We’ve known for along time that if you eat lots of cholesterol it doesn’t make much difference to how much there is in your bloodstream – mainly because cholesterol in foods is poorly absorbed. What’s more, because it’s so important, any changes we try to make in cholesterol levels are compensated for by alterations the internal production system.
Given how important it is and the fact that we both eat and make cholesterol, it’s not surprising that quite complicated systems have evolved for carting it around the body and delivering it to the right places. These involve what you might think of as molecular container ships: called lipoproteins they are large complexes of lipids (including cholesterol) held together by proteins. The cholesterol they carry comes in two forms: cholesterol itself and cholesterol esters formed by adding a fatty acid chain to one end of the molecule – which makes them less soluble in water.
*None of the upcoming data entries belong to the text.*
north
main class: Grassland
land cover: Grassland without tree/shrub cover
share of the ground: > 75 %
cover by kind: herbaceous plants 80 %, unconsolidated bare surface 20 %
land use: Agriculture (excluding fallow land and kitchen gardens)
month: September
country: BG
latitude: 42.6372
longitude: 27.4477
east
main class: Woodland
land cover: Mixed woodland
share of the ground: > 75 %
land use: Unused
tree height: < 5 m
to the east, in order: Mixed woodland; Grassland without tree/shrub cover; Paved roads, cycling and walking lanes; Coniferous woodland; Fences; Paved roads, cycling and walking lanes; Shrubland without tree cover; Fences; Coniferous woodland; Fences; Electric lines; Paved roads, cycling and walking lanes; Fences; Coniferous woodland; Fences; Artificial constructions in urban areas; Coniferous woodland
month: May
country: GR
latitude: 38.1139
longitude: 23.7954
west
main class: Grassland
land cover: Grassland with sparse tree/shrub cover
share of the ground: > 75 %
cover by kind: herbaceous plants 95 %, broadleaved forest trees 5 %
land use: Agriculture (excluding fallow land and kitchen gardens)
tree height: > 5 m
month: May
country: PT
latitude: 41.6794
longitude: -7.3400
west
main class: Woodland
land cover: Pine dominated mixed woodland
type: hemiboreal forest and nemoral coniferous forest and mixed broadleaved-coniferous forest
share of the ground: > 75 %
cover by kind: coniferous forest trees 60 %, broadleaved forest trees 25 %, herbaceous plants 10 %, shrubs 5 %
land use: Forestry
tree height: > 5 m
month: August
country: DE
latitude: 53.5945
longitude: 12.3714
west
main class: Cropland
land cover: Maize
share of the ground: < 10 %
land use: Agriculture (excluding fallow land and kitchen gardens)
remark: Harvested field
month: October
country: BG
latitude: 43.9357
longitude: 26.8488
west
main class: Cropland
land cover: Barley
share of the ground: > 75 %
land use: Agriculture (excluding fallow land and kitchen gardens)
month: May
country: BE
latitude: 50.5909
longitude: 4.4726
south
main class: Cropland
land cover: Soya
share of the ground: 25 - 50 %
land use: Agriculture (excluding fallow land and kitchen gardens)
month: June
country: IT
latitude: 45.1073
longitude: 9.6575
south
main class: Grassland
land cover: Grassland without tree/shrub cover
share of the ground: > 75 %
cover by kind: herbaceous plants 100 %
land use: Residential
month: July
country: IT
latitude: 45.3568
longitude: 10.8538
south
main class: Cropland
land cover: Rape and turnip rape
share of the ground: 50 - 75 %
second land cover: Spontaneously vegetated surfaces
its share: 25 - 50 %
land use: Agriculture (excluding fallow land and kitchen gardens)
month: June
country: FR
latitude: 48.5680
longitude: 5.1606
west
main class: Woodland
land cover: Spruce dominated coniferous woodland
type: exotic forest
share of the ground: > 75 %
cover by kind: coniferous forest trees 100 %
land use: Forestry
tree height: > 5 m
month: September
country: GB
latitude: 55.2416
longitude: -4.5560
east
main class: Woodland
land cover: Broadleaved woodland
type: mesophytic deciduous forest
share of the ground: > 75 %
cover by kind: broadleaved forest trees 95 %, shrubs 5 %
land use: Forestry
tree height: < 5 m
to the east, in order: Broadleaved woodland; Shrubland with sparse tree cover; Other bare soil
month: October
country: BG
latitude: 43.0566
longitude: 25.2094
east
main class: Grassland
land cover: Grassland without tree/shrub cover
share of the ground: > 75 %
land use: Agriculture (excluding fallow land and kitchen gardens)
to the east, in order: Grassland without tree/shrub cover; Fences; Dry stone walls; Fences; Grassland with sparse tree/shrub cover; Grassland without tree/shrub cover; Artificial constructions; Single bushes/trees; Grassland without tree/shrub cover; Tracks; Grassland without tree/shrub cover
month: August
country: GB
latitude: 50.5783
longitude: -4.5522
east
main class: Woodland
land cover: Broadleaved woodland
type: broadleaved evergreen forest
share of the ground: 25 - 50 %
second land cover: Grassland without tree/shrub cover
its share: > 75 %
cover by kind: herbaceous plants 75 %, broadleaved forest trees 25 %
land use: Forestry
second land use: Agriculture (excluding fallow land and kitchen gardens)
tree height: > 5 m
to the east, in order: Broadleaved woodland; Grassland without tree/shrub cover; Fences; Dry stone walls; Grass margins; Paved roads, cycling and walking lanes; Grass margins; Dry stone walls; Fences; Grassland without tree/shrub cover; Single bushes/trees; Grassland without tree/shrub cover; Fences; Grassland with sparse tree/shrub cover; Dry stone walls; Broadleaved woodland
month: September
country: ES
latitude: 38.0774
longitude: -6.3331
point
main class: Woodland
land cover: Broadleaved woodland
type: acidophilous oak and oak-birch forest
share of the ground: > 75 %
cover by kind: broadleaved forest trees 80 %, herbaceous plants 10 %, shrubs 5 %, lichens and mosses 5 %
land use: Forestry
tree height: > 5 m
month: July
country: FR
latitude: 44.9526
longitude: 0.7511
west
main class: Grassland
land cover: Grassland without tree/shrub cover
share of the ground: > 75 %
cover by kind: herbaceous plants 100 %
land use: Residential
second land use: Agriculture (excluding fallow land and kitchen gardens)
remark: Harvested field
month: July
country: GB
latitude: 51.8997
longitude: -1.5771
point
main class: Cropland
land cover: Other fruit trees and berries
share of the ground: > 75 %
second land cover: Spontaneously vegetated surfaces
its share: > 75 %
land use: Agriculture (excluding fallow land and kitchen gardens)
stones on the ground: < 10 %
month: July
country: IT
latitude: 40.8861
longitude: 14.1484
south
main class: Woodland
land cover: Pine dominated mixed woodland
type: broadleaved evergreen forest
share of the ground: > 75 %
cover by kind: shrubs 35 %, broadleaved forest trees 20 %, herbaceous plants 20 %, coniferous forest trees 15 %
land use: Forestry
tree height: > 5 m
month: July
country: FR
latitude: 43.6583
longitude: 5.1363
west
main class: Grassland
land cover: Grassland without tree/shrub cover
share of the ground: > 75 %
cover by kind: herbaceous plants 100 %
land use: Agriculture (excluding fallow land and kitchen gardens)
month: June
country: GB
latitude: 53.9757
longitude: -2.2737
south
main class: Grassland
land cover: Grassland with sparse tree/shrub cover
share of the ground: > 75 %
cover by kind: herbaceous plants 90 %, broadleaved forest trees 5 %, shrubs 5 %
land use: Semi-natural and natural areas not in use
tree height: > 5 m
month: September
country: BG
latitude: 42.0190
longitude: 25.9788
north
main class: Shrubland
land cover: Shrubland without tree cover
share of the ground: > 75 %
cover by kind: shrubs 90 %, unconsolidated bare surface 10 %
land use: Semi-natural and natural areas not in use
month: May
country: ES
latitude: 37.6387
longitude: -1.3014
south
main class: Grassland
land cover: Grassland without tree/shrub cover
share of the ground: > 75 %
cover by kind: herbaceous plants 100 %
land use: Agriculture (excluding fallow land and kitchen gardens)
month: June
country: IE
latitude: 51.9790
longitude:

Lipoprotein Cholesterol ester
So famous has cholesterol become even its taxi service has passed into common language – almost everyone knows that high-density lipoproteins (HDLs) carry so-called ‘good cholesterol’ (back to the liver for catabolism) – low concentrations of these are associated with a higher risk of atherosclerosis. On the other hand, high concentrations of low-density lipoproteins (LDLs) go with increasing severity of cardiovascular disease – so LDLs are ‘bad cholesterol’.
What’s this got to do with cancer?
The evidence that cholesterol levels play a role in cancer is conflicting. A number of studies report an association between raised blood cholesterol level and various types of cancer, whilst others indicate no association or the converse – that low cholesterol levels are linked to cancers. However, the Cancer Genome Atlas (TCGA) that profiles DNA mutations and protein expression reveals that the activity of some genes involved in cholesterol synthesis reflect patient survival for some cancer types: increased cholesterol synthesis correlating with decreased survival. Perhaps that accounts for evidence that the class of cholesterol lowering drugs called statins can have anti-tumour effects.
In a recent development Wei Yang and colleagues from various centres in China have come up with a trick that links cholesterol metabolism to cancer immunotherapy. They used a drug (avasimibe) that blocks the activity of the enzyme that converts cholesterol to cholesterol ester (that’s acetyl-CoA acetyltransferase – ACAT1). The effect of the drug is to raise cholesterol levels in cell membranes, in particular, in killer T cells. As we’ve noted, this will make the membranes a bit more rigid and a side-effect of that is to drive T cell receptors into clusters.
One or two other things happen but the upshot is that the killer T cells interact more effectively with target tumour cells and toxin release by the T cells – and hence tumour cell killing – is more efficient. The anti-cancer immune response has been boosted.
Remarkably, it turned out that when mice were genetically modified so that their T cells lacked ACAT1, a subset of these cells (CD8+) up-regulated their cholesterol synthesis machinery. Whilst this seems a paradoxical response, it’s very handy because it is these CD8+ cells that kill tumour cells. Avasimibe has been shown to be safe for short-term use in humans but the genetic engineering experiments in mice suggest that a similar approach, knocking out ACAT1, could be used in human immunotherapy.
Yang, W. et al. (2016). Potentiating the antitumour response of CD8+ T cells by modulating cholesterol metabolism. Nature 531, 651–655.
Dustin, M.L. (2016). Cancer immunotherapy: Killers on sterols. Nature 531, 583–584.